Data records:
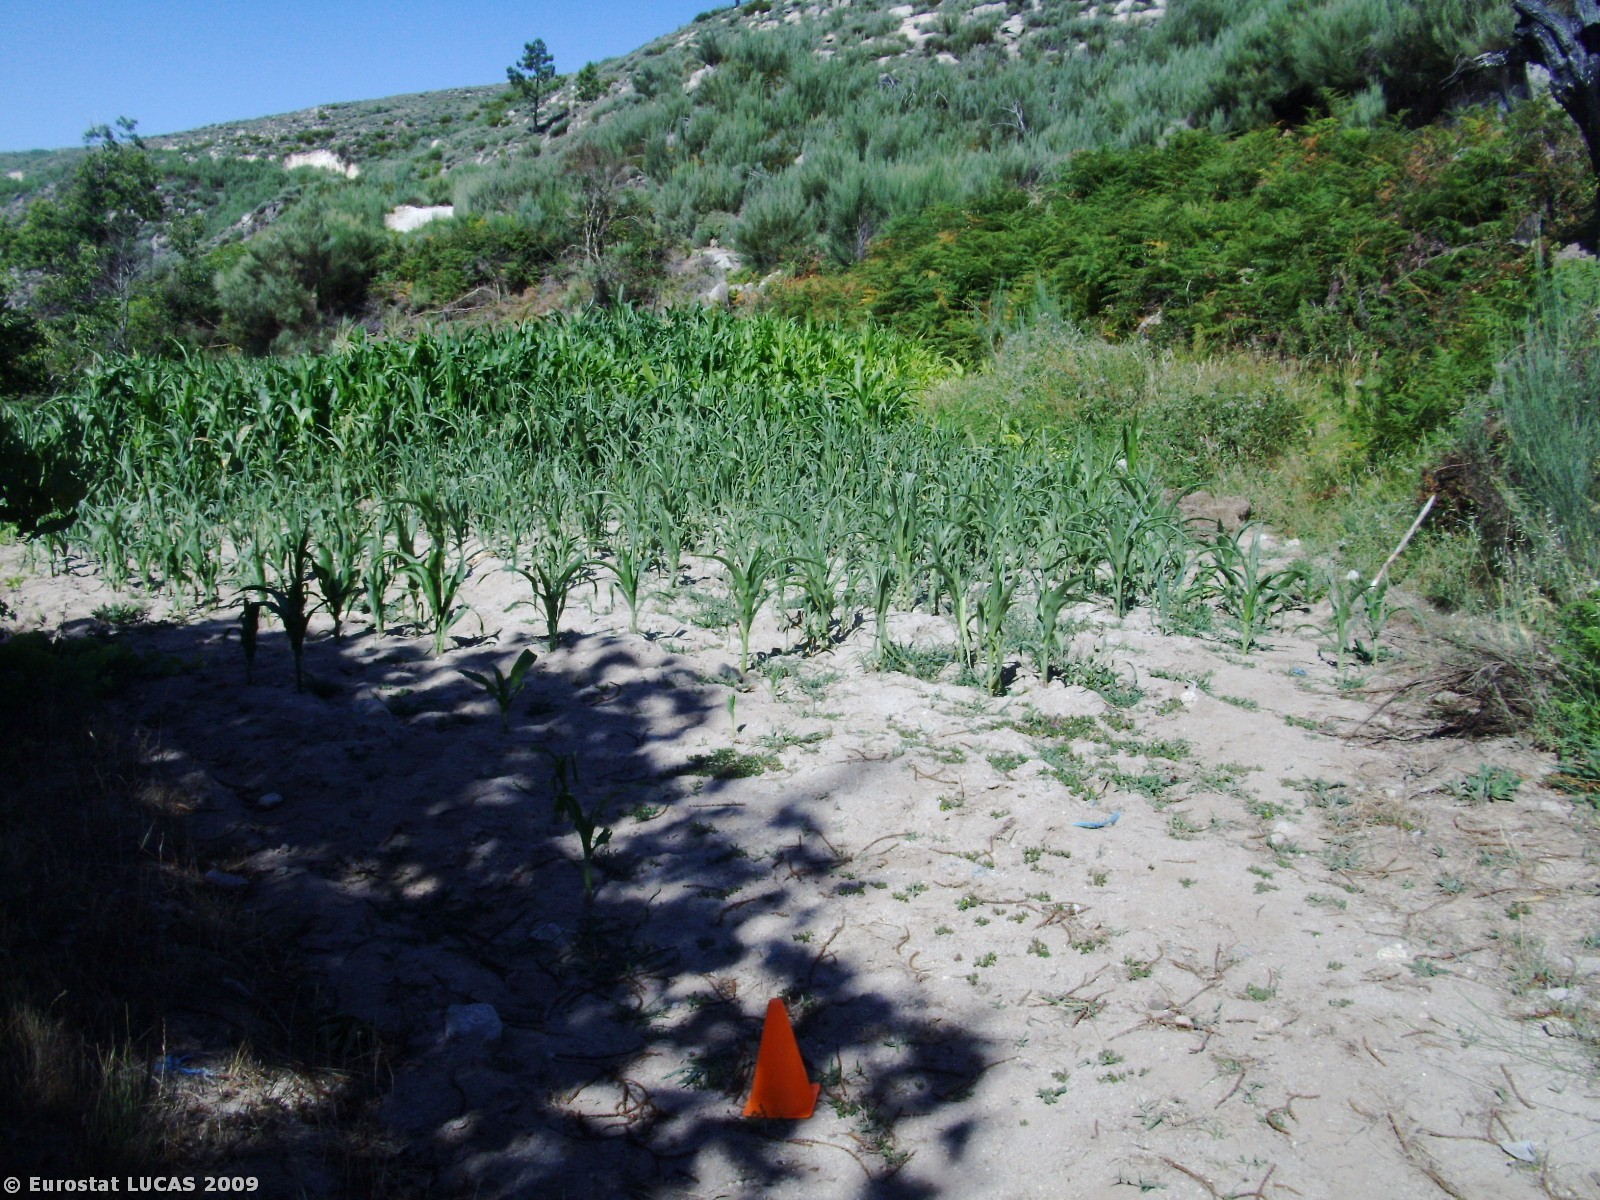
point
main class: Cropland
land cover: Maize
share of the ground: > 75 %
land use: Agriculture (excluding fallow land and kitchen gardens)
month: July
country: PT
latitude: 40.4850
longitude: -7.3183

* Required work *
Return every line from the one holding "share of the ground: > 75 %" through the end of the data, exactly as it appears, with both ends kept and nothing else.

* Expected answer *
share of the ground: > 75 %
land use: Agriculture (excluding fallow land and kitchen gardens)
month: July
country: PT
latitude: 40.4850
longitude: -7.3183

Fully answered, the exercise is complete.